Give back the full listing as written. No pictures go with it.
+ + + + + + +
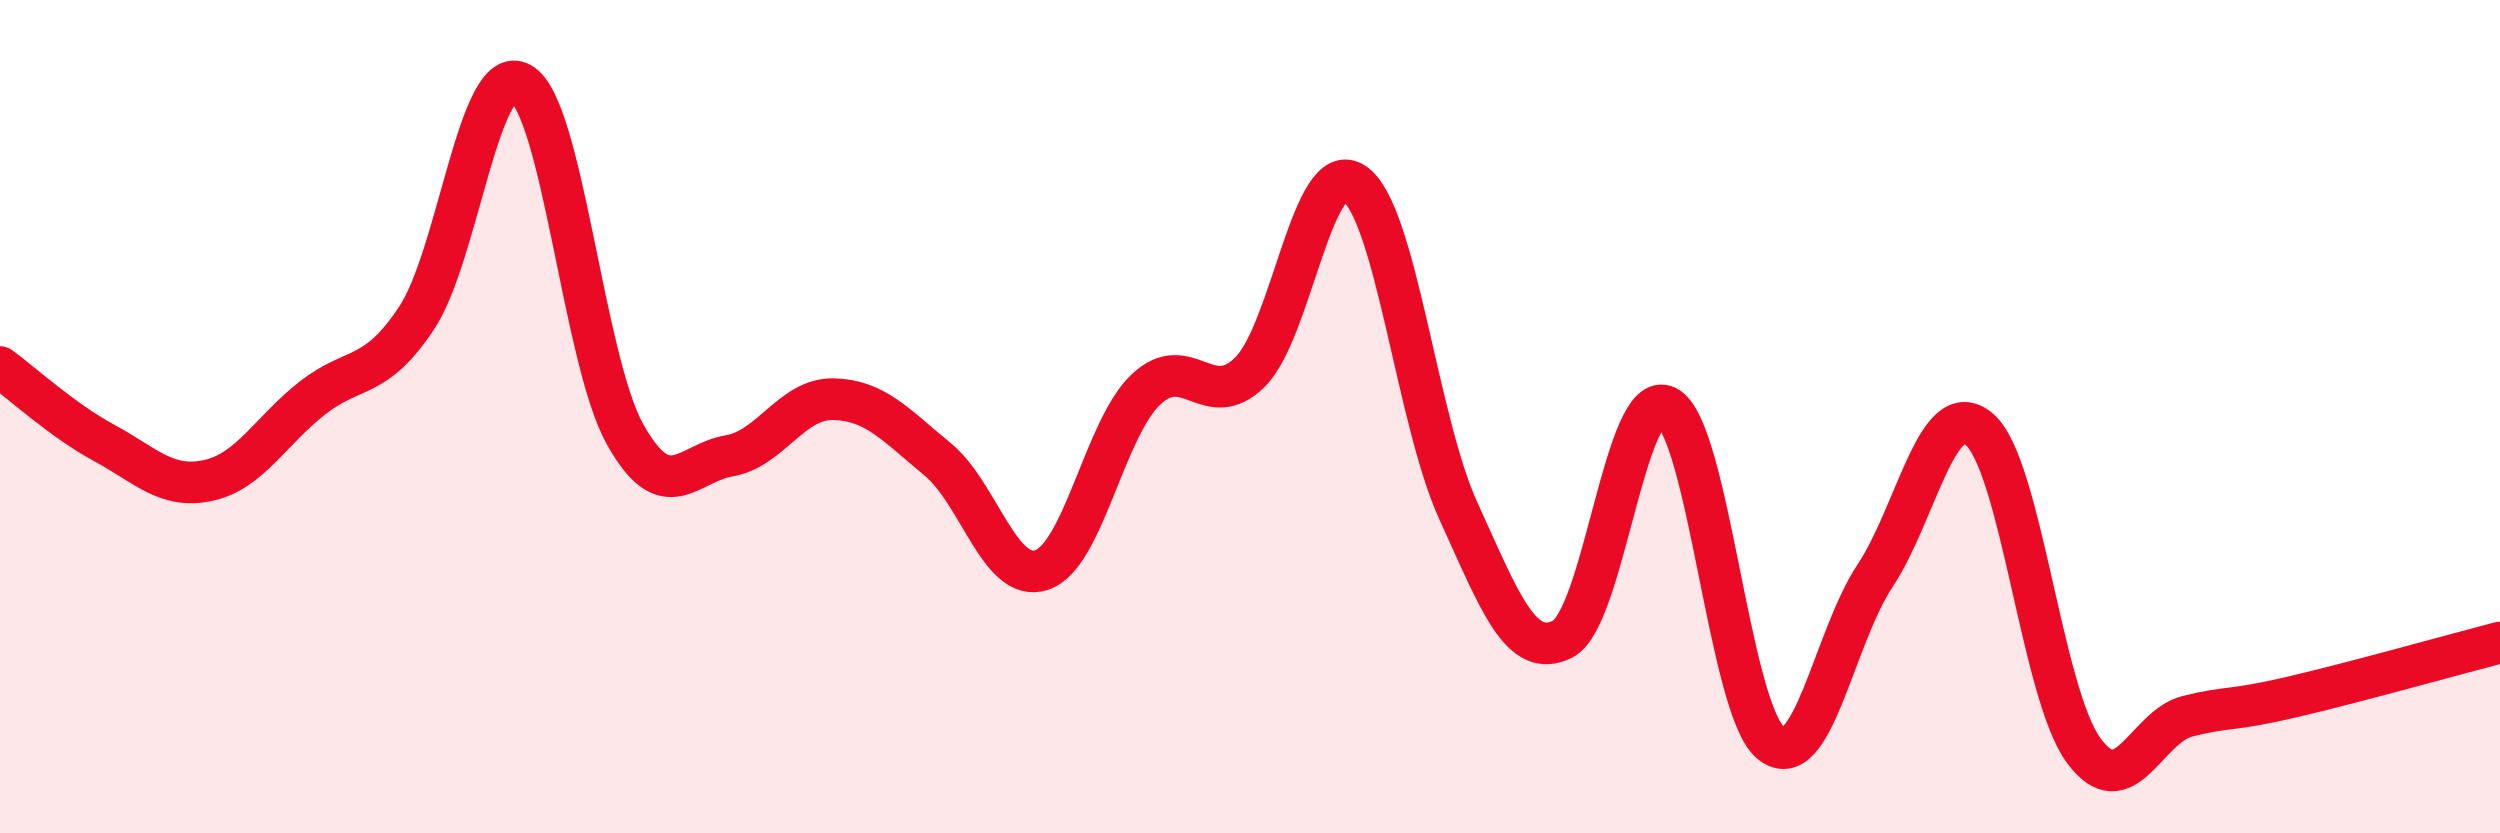 
    <svg width="60" height="20" viewBox="0 0 60 20" xmlns="http://www.w3.org/2000/svg">
      <path
        d="M 0,8.81 C 0.5,9.17 1.5,10.09 2.5,10.63 C 3.5,11.17 4,11.75 5,11.53 C 6,11.31 6.5,10.33 7.5,9.55 C 8.5,8.77 9,9.14 10,7.63 C 11,6.12 11.5,1.44 12.5,2 C 13.5,2.56 14,8.63 15,10.42 C 16,12.21 16.5,11.11 17.5,10.94 C 18.5,10.77 19,9.56 20,9.58 C 21,9.6 21.5,10.2 22.5,11.02 C 23.5,11.84 24,14.01 25,13.68 C 26,13.35 26.5,10.3 27.5,9.35 C 28.5,8.4 29,9.92 30,8.93 C 31,7.94 31.5,3.73 32.5,4.4 C 33.5,5.07 34,10.07 35,12.26 C 36,14.45 36.5,15.84 37.5,15.34 C 38.5,14.84 39,9.26 40,9.76 C 41,10.26 41.5,17.02 42.5,17.83 C 43.5,18.64 44,15.33 45,13.82 C 46,12.31 46.5,9.46 47.5,10.3 C 48.5,11.14 49,16.62 50,18 C 51,19.38 51.5,17.44 52.5,17.19 C 53.5,16.94 53.5,17.08 55,16.73 C 56.5,16.38 59,15.68 60,15.42L60 20L0 20Z"
        fill="#EB0A25"
        opacity="0.1"
        stroke-linecap="round"
        stroke-linejoin="round"
      />
      <path
        d="M 0,8.81 C 0.5,9.17 1.5,10.09 2.5,10.63 C 3.5,11.17 4,11.75 5,11.53 C 6,11.31 6.5,10.33 7.5,9.55 C 8.5,8.77 9,9.14 10,7.63 C 11,6.12 11.5,1.44 12.5,2 C 13.5,2.56 14,8.63 15,10.42 C 16,12.21 16.5,11.11 17.5,10.94 C 18.5,10.77 19,9.56 20,9.58 C 21,9.6 21.5,10.2 22.5,11.02 C 23.5,11.84 24,14.01 25,13.68 C 26,13.35 26.5,10.3 27.5,9.35 C 28.5,8.4 29,9.92 30,8.93 C 31,7.94 31.5,3.73 32.5,4.4 C 33.5,5.07 34,10.07 35,12.26 C 36,14.45 36.5,15.84 37.5,15.34 C 38.5,14.84 39,9.26 40,9.76 C 41,10.26 41.5,17.02 42.5,17.83 C 43.5,18.64 44,15.33 45,13.82 C 46,12.31 46.5,9.46 47.5,10.3 C 48.5,11.14 49,16.62 50,18 C 51,19.38 51.5,17.44 52.5,17.19 C 53.5,16.94 53.5,17.08 55,16.73 C 56.5,16.38 59,15.68 60,15.42"
        stroke="#EB0A25"
        stroke-width="1"
        fill="none"
        stroke-linecap="round"
        stroke-linejoin="round"
      />
    </svg>
  
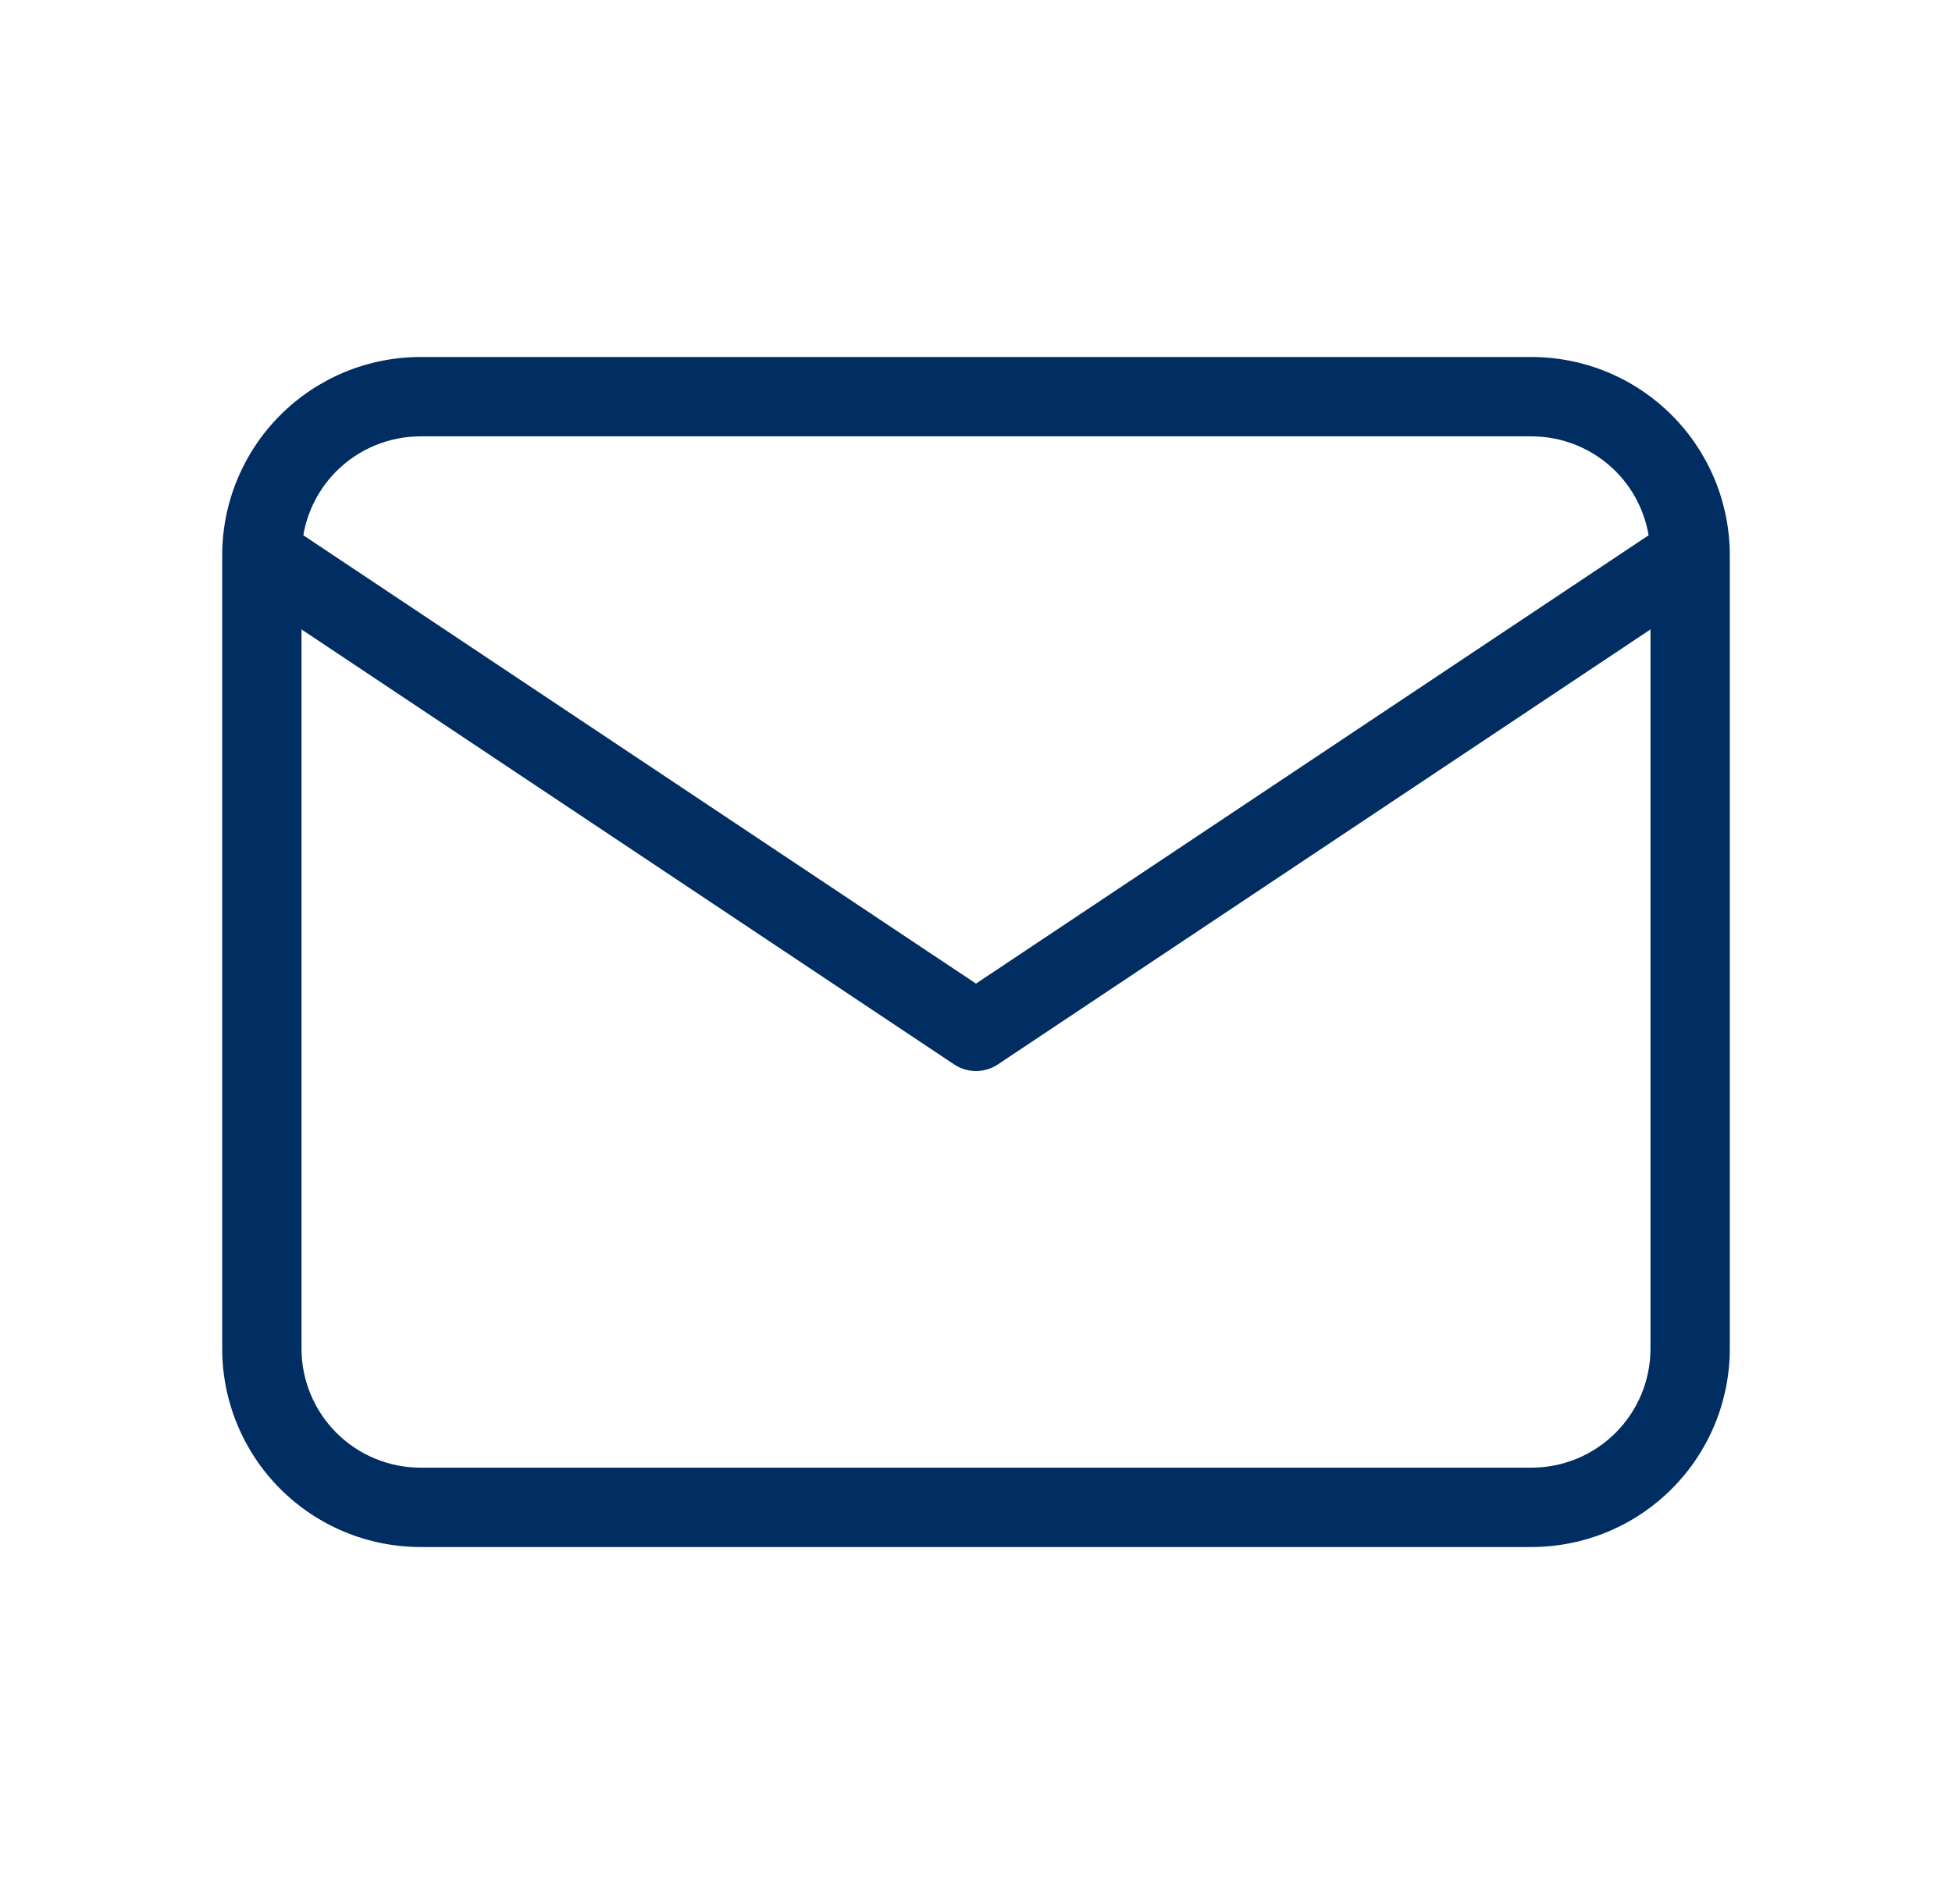 <svg width="41" height="40" viewBox="0 0 41 40" fill="none" xmlns="http://www.w3.org/2000/svg">
<path d="M34.667 13.223L20.962 22.36C20.682 22.547 20.318 22.547 20.038 22.36L6.333 13.223V28.333C6.333 28.996 6.597 29.632 7.066 30.101C7.535 30.57 8.17 30.833 8.833 30.833H32.167C32.83 30.833 33.465 30.57 33.934 30.101C34.403 29.632 34.667 28.996 34.667 28.333V13.223ZM8.833 9.167C8.17 9.167 7.535 9.43 7.066 9.899C6.698 10.267 6.457 10.739 6.371 11.245L20.5 20.664L34.628 11.245C34.541 10.739 34.302 10.267 33.934 9.899C33.465 9.43 32.83 9.167 32.167 9.167H8.833ZM36.333 28.333C36.333 29.438 35.894 30.498 35.113 31.279C34.331 32.061 33.272 32.5 32.167 32.5H8.833C7.728 32.5 6.669 32.061 5.887 31.279C5.106 30.498 4.667 29.438 4.667 28.333V11.667C4.667 10.562 5.106 9.502 5.887 8.721C6.669 7.939 7.728 7.5 8.833 7.5H32.167C33.272 7.5 34.331 7.939 35.113 8.721C35.894 9.502 36.333 10.562 36.333 11.667V28.333Z" fill="#002D62"/>
</svg>
+ + + + + + +
Task result:
    <svg width="60" height="20" viewBox="0 0 60 20" xmlns="http://www.w3.org/2000/svg">
      <path
        d="M 0,8.81 C 0.5,9.17 1.5,10.09 2.5,10.63 C 3.5,11.17 4,11.75 5,11.53 C 6,11.31 6.5,10.33 7.5,9.55 C 8.5,8.77 9,9.14 10,7.63 C 11,6.12 11.5,1.44 12.5,2 C 13.5,2.56 14,8.63 15,10.42 C 16,12.21 16.5,11.11 17.5,10.94 C 18.5,10.77 19,9.56 20,9.58 C 21,9.6 21.5,10.2 22.5,11.02 C 23.5,11.84 24,14.01 25,13.68 C 26,13.35 26.5,10.3 27.5,9.35 C 28.5,8.4 29,9.92 30,8.93 C 31,7.94 31.5,3.73 32.5,4.4 C 33.5,5.07 34,10.07 35,12.26 C 36,14.45 36.5,15.84 37.5,15.34 C 38.5,14.84 39,9.26 40,9.76 C 41,10.26 41.5,17.02 42.5,17.83 C 43.5,18.64 44,15.33 45,13.82 C 46,12.31 46.5,9.46 47.5,10.3 C 48.5,11.14 49,16.62 50,18 C 51,19.38 51.5,17.44 52.5,17.19 C 53.5,16.94 53.5,17.08 55,16.73 C 56.5,16.38 59,15.68 60,15.42L60 20L0 20Z"
        fill="#EB0A25"
        opacity="0.1"
        stroke-linecap="round"
        stroke-linejoin="round"
      />
      <path
        d="M 0,8.81 C 0.5,9.17 1.5,10.09 2.5,10.63 C 3.5,11.17 4,11.75 5,11.53 C 6,11.31 6.5,10.33 7.5,9.55 C 8.5,8.77 9,9.14 10,7.63 C 11,6.12 11.5,1.44 12.5,2 C 13.5,2.56 14,8.63 15,10.42 C 16,12.21 16.5,11.11 17.5,10.94 C 18.5,10.77 19,9.56 20,9.58 C 21,9.6 21.5,10.2 22.5,11.02 C 23.5,11.84 24,14.01 25,13.68 C 26,13.35 26.5,10.3 27.5,9.35 C 28.5,8.4 29,9.92 30,8.93 C 31,7.94 31.5,3.73 32.5,4.4 C 33.5,5.07 34,10.07 35,12.26 C 36,14.45 36.5,15.84 37.5,15.34 C 38.5,14.84 39,9.26 40,9.76 C 41,10.26 41.5,17.02 42.5,17.83 C 43.5,18.64 44,15.33 45,13.82 C 46,12.31 46.5,9.46 47.5,10.3 C 48.5,11.14 49,16.62 50,18 C 51,19.38 51.5,17.44 52.5,17.19 C 53.5,16.94 53.5,17.08 55,16.73 C 56.5,16.38 59,15.68 60,15.42"
        stroke="#EB0A25"
        stroke-width="1"
        fill="none"
        stroke-linecap="round"
        stroke-linejoin="round"
      />
    </svg>
  
 <svg width="41" height="40" viewBox="0 0 41 40" fill="none" xmlns="http://www.w3.org/2000/svg">
<path d="M34.667 13.223L20.962 22.36C20.682 22.547 20.318 22.547 20.038 22.36L6.333 13.223V28.333C6.333 28.996 6.597 29.632 7.066 30.101C7.535 30.57 8.17 30.833 8.833 30.833H32.167C32.83 30.833 33.465 30.57 33.934 30.101C34.403 29.632 34.667 28.996 34.667 28.333V13.223ZM8.833 9.167C8.17 9.167 7.535 9.43 7.066 9.899C6.698 10.267 6.457 10.739 6.371 11.245L20.5 20.664L34.628 11.245C34.541 10.739 34.302 10.267 33.934 9.899C33.465 9.43 32.83 9.167 32.167 9.167H8.833ZM36.333 28.333C36.333 29.438 35.894 30.498 35.113 31.279C34.331 32.061 33.272 32.5 32.167 32.5H8.833C7.728 32.5 6.669 32.061 5.887 31.279C5.106 30.498 4.667 29.438 4.667 28.333V11.667C4.667 10.562 5.106 9.502 5.887 8.721C6.669 7.939 7.728 7.5 8.833 7.5H32.167C33.272 7.5 34.331 7.939 35.113 8.721C35.894 9.502 36.333 10.562 36.333 11.667V28.333Z" fill="#002D62"/>
</svg>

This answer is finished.